Demand for garden plots in the city center is growing as the Covid-19 pandemic destroys the UK

It may be a small plot in Osterley, in west London, but it provided Karen Peck’s kitchen with row upon row of cabbage, cauliflower, broccoli, fava beans and garlic.

But Peck, 60, derives much more from her assignment than just fresh food.

“It’s so quiet. “I have a favorite twig that comes to visit, then the blackbird comes up and there are wreaths in the corner,” Peck said in a telephone interview late last year. “You appreciate the birdsong and the little brown mice, hedgehogs, urban foxes.”

Karen Peck on her award in west London.

The connection with nature was especially nice during the coronavirus pandemic, she said.

Grants – small bags of urban land cut off for city dwellers to grow fruit, vegetables, plants and flowers – used to be common in British cities, especially at the height of World War II.

While German submarines made waste from ships crossing the Atlantic Ocean, the British were encouraged to grow their own food, and the “Dig for Victory” campaign was adopted with force.

By 1945, more than a million grants had supplemented people’s meager war rations.

This changed in the following decades, when the urgent need for new homes brought with it the advent of land-hungry, affordable housing systems. Low-cost, mass-produced supermarket food has also seen a shift in culinary habits.

But amid the pandemic, demand for awards in several British cities, including London, Manchester, Leeds, Glasgow and Sheffield, has skyrocketed, according to the South West Counties Allotment Association, a non-profit organization that uses allocations protect and promote. across the UK.

“For me, it’s about more than just food,” Peck said.
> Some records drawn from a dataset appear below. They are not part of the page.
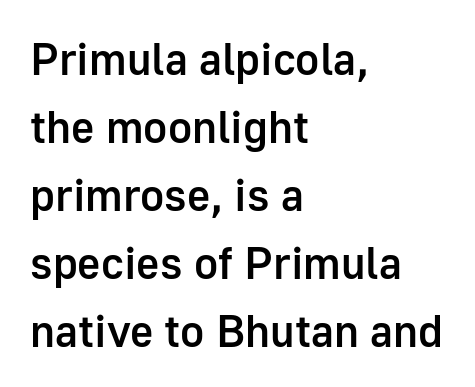
The image shows 45 px semibold sans-serif type, upright; set left-aligned, normal line spacing (1.51x), normal letter spacing, not underlined; low stroke contrast and a medium x-height.
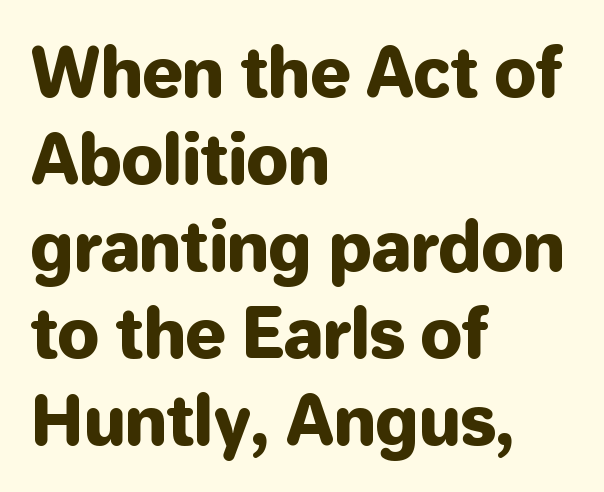
Look at the tracking — it's just the regular setting, nothing added. The space beneath each line is pristine and unruled. Notice how the passage keeps a crisp vertical edge on the left only. This block has exactly the height ordinary leading produces. The passage shown is typeset with a sans-serif family. This is roman type, the default non-slanted kind.
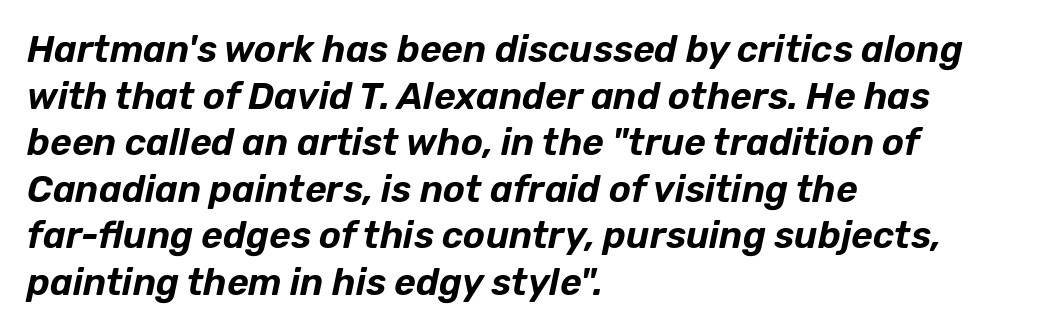
The image shows 37 px text type, italic (leaning right); set left-aligned, normal line spacing (1.26x), normal letter spacing, not underlined; low stroke contrast and a medium x-height.

The 430 square meter plot is surrounded by dozens of others and also grows a colorful mix of flowers and products.

Karen Peck’s award in west London.Karen Peck

The urban vegetable garden, located just a minute’s walk from her one-bedroom apartment, offers her an escape and a chance to mingle with like-minded, nature lovers in a responsible way.

“I live alone. “I think if I had not seen the people at the award ceremony, I would have suffered during the closing ceremony,” she said.
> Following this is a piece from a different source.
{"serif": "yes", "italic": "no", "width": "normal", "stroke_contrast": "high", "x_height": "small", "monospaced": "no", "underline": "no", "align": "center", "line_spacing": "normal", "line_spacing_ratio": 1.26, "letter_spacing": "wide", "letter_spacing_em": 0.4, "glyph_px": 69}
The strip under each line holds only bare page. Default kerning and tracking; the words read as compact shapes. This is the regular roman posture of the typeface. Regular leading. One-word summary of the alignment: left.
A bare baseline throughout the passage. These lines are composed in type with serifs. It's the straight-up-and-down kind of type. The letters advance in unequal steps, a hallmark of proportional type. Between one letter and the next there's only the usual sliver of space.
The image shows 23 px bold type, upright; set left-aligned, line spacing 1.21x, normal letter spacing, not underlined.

At the best of times, it’s important; but in a year of forced social isolation and loneliness, she added that her ‘little oasis was nothing less than a religion’.

Having a semi-private space outside does not violate social rules and offers the opportunity to do a little practical work, grow food, burn off energy and anxiety, and even a little socializing – it’s important, ”said Miriam Dobson, a postdoctoral researcher at the University of Sheffield, studying the revival of award-winning life.
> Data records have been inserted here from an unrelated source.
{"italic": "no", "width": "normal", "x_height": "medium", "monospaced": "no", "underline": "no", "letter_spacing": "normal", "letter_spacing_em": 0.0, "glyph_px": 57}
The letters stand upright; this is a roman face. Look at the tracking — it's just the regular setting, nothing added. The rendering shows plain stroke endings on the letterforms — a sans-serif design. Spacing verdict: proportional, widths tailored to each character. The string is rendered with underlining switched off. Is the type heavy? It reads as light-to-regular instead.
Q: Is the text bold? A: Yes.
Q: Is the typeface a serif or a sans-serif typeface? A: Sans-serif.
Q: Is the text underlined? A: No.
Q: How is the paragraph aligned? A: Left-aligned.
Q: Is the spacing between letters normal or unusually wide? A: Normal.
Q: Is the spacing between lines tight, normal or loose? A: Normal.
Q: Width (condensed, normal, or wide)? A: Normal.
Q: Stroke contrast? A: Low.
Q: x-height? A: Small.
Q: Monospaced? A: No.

The study of her team, published in November, confirms the idea that assignments offer a multitude of benefits, including physical exercise, stress relief, friendship, connection with nature, and a sense of tangible accomplishment.

“More than one person described their assignment as a lifeguard during closing time,” she said.

For others hoping to reap the benefits of an award, the waiting list is long and can take between five and 20 years, depending on where you live.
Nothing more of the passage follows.